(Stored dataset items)
━━━━━━

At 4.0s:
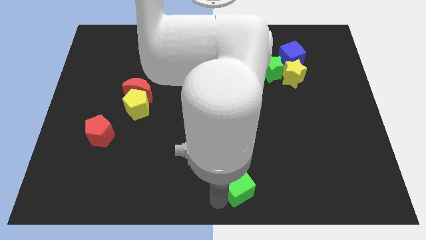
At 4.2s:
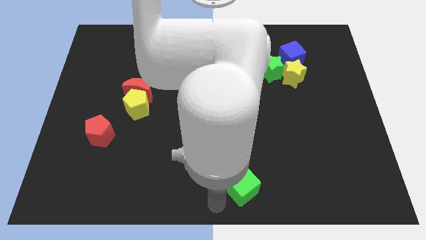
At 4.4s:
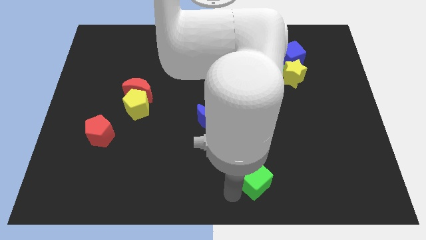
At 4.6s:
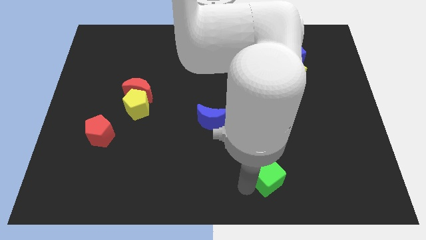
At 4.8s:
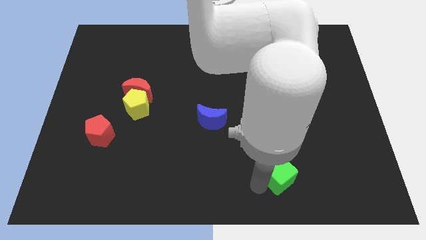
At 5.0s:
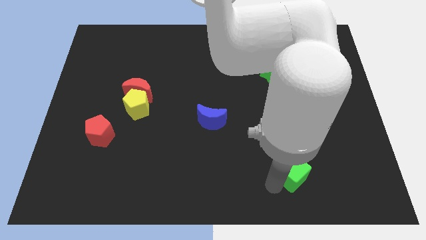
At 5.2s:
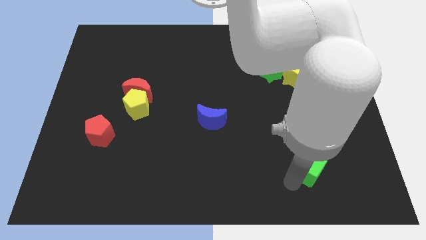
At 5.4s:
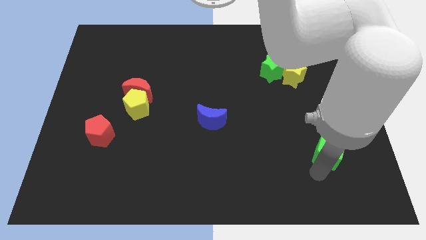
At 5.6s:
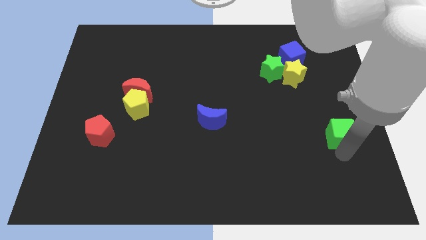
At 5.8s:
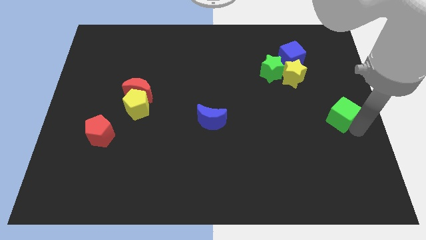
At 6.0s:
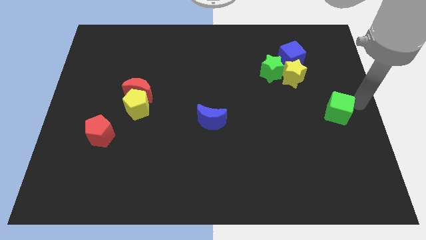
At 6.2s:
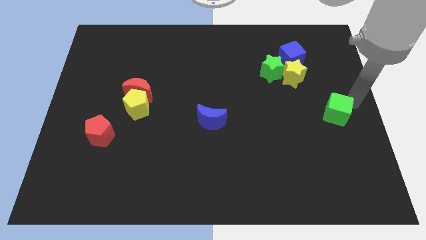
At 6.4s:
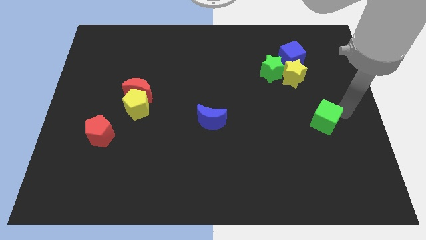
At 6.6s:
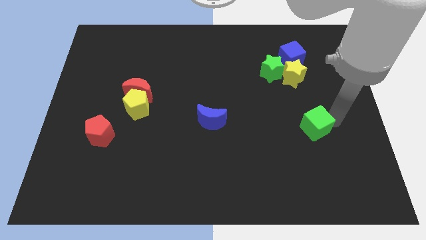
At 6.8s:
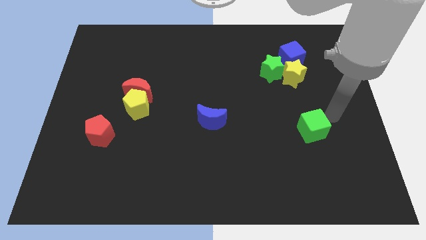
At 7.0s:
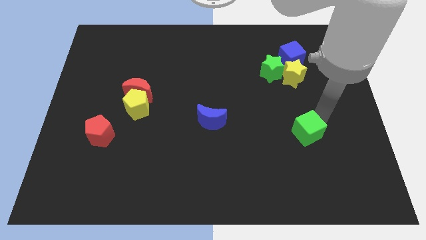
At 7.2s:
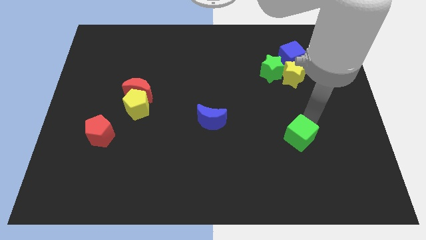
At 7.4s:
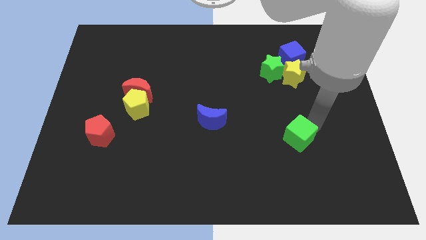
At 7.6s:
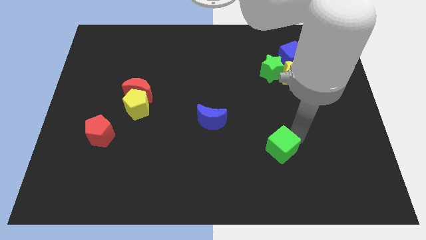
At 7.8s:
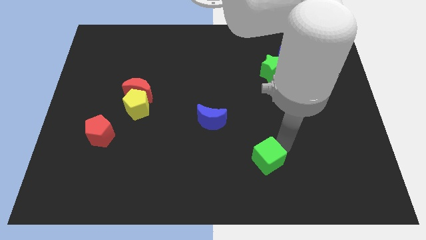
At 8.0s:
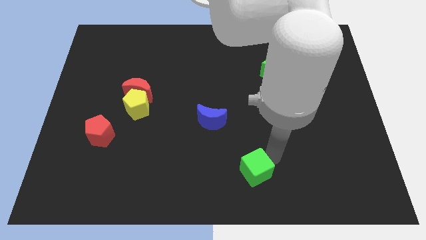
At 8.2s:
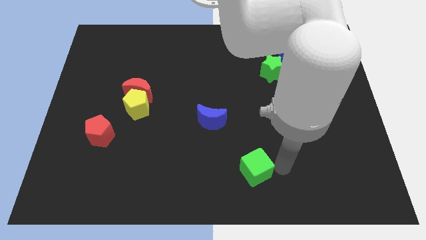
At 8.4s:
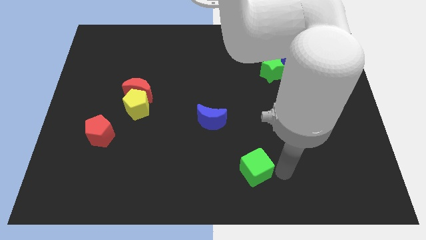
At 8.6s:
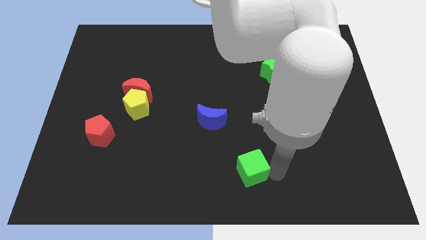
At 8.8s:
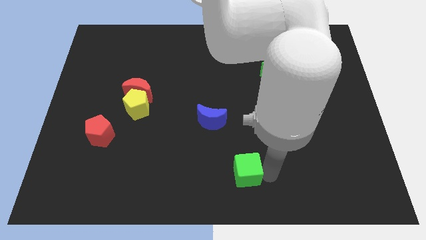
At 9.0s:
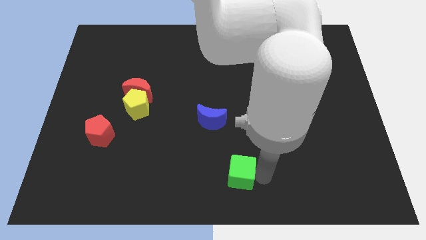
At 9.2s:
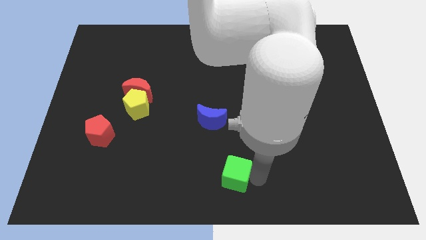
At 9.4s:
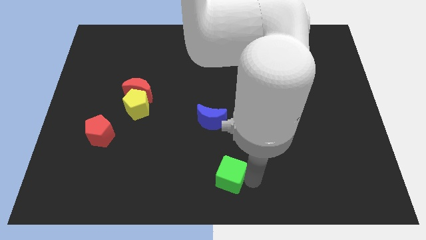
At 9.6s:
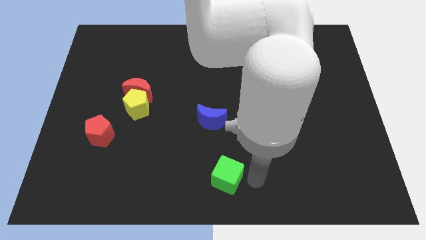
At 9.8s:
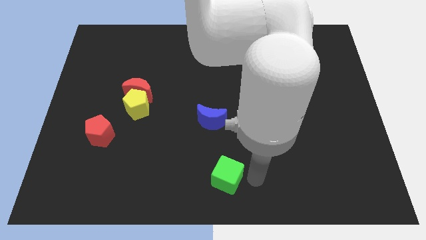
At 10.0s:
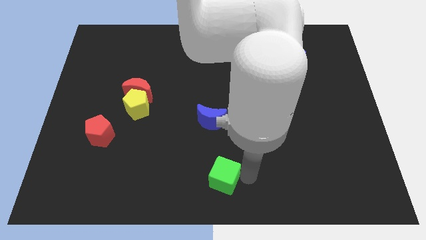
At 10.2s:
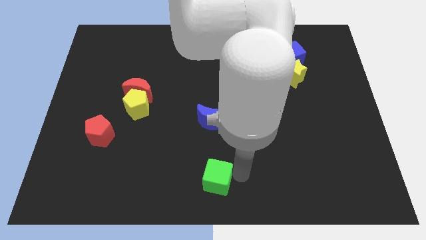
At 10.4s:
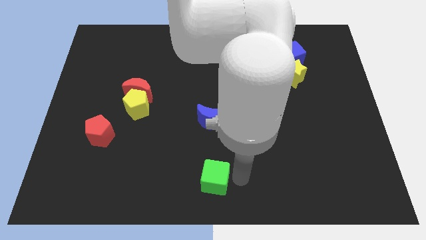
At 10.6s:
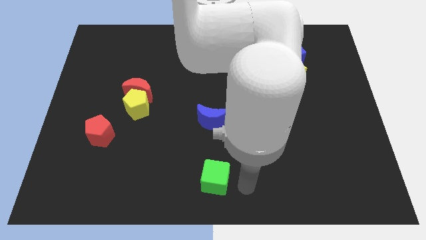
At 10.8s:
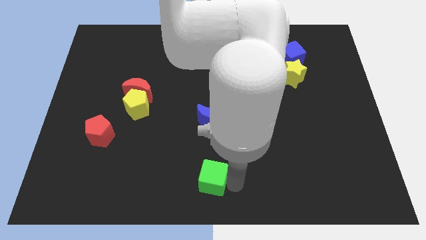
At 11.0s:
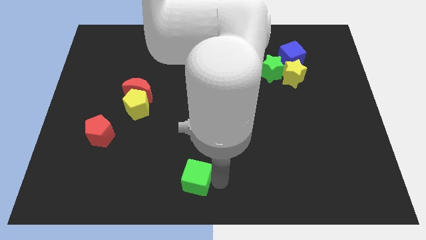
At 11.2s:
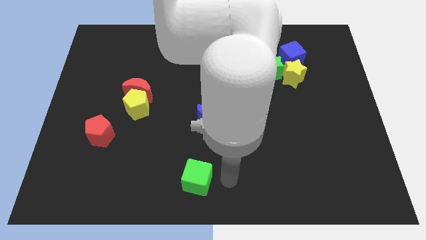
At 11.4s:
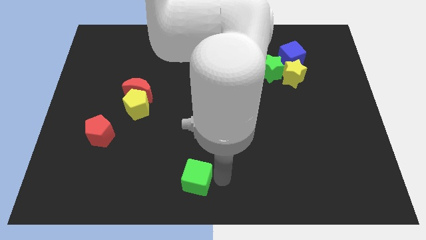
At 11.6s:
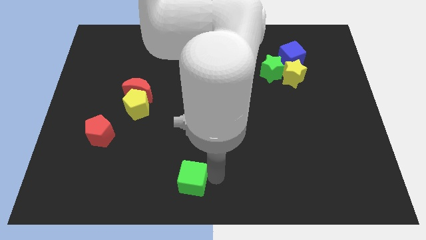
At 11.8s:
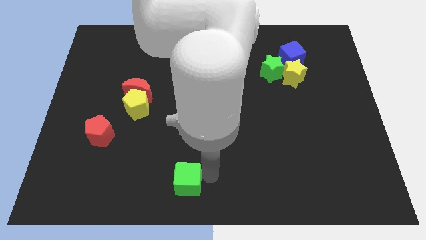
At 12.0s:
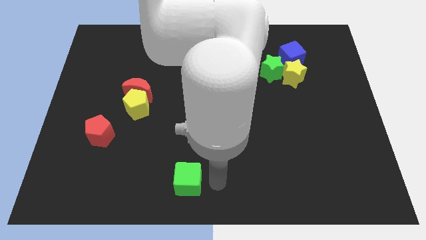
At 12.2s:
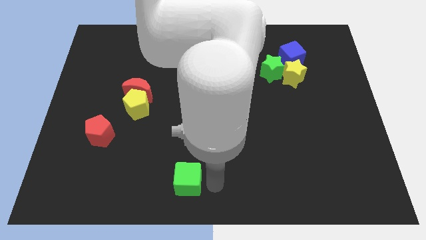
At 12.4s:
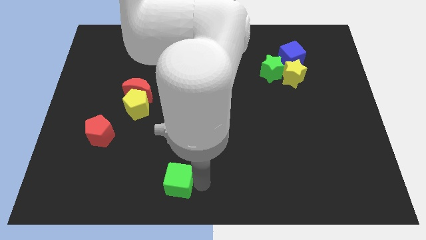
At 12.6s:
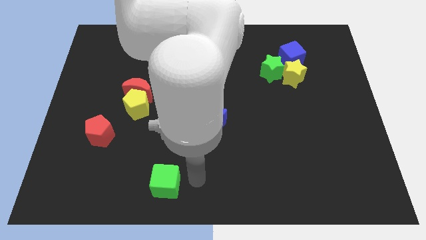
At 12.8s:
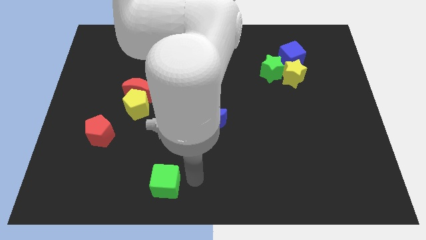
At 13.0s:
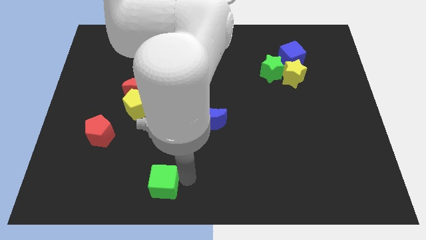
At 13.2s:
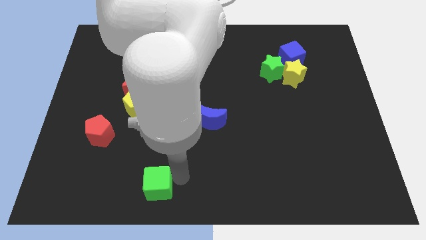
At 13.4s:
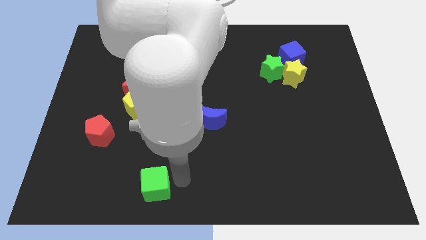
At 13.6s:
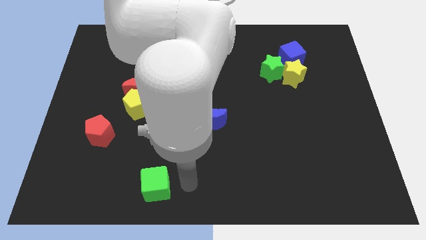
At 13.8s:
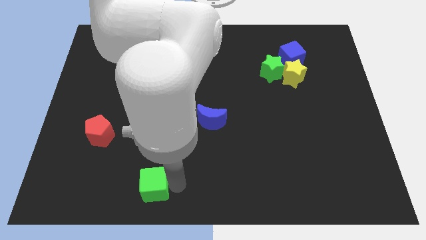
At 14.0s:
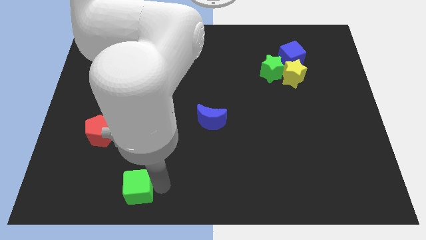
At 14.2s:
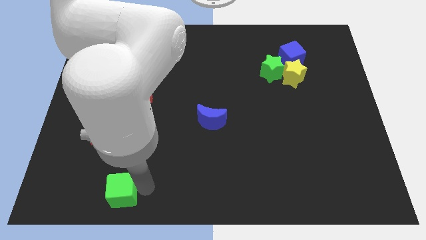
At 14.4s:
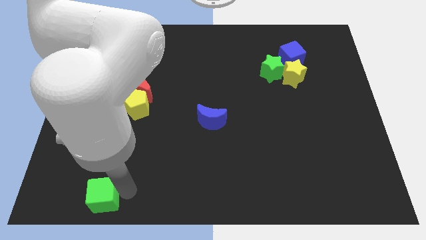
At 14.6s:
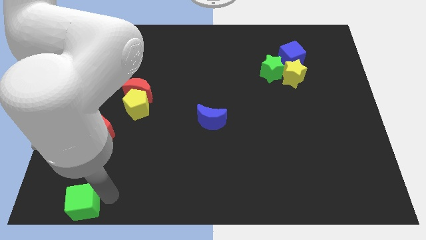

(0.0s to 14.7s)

━━━━━━

| WORK REQUIRED |
Return the records above in their entirety, word for word, with the pictures removed.

| SOLUTION BELOW |
At 4.0s:
At 4.2s:
At 4.4s:
At 4.6s:
At 4.8s:
At 5.0s:
At 5.2s:
At 5.4s:
At 5.6s:
At 5.8s:
At 6.0s:
At 6.2s:
At 6.4s:
At 6.6s:
At 6.8s:
At 7.0s:
At 7.2s:
At 7.4s:
At 7.6s:
At 7.8s:
At 8.0s:
At 8.2s:
At 8.4s:
At 8.6s:
At 8.8s:
At 9.0s:
At 9.2s:
At 9.4s:
At 9.6s:
At 9.8s:
At 10.0s:
At 10.2s:
At 10.4s:
At 10.6s:
At 10.8s:
At 11.0s:
At 11.2s:
At 11.4s:
At 11.6s:
At 11.8s:
At 12.0s:
At 12.2s:
At 12.4s:
At 12.6s:
At 12.8s:
At 13.0s:
At 13.2s:
At 13.4s:
At 13.6s:
At 13.8s:
At 14.0s:
At 14.2s:
At 14.4s:
At 14.6s:

(0.0s to 14.7s)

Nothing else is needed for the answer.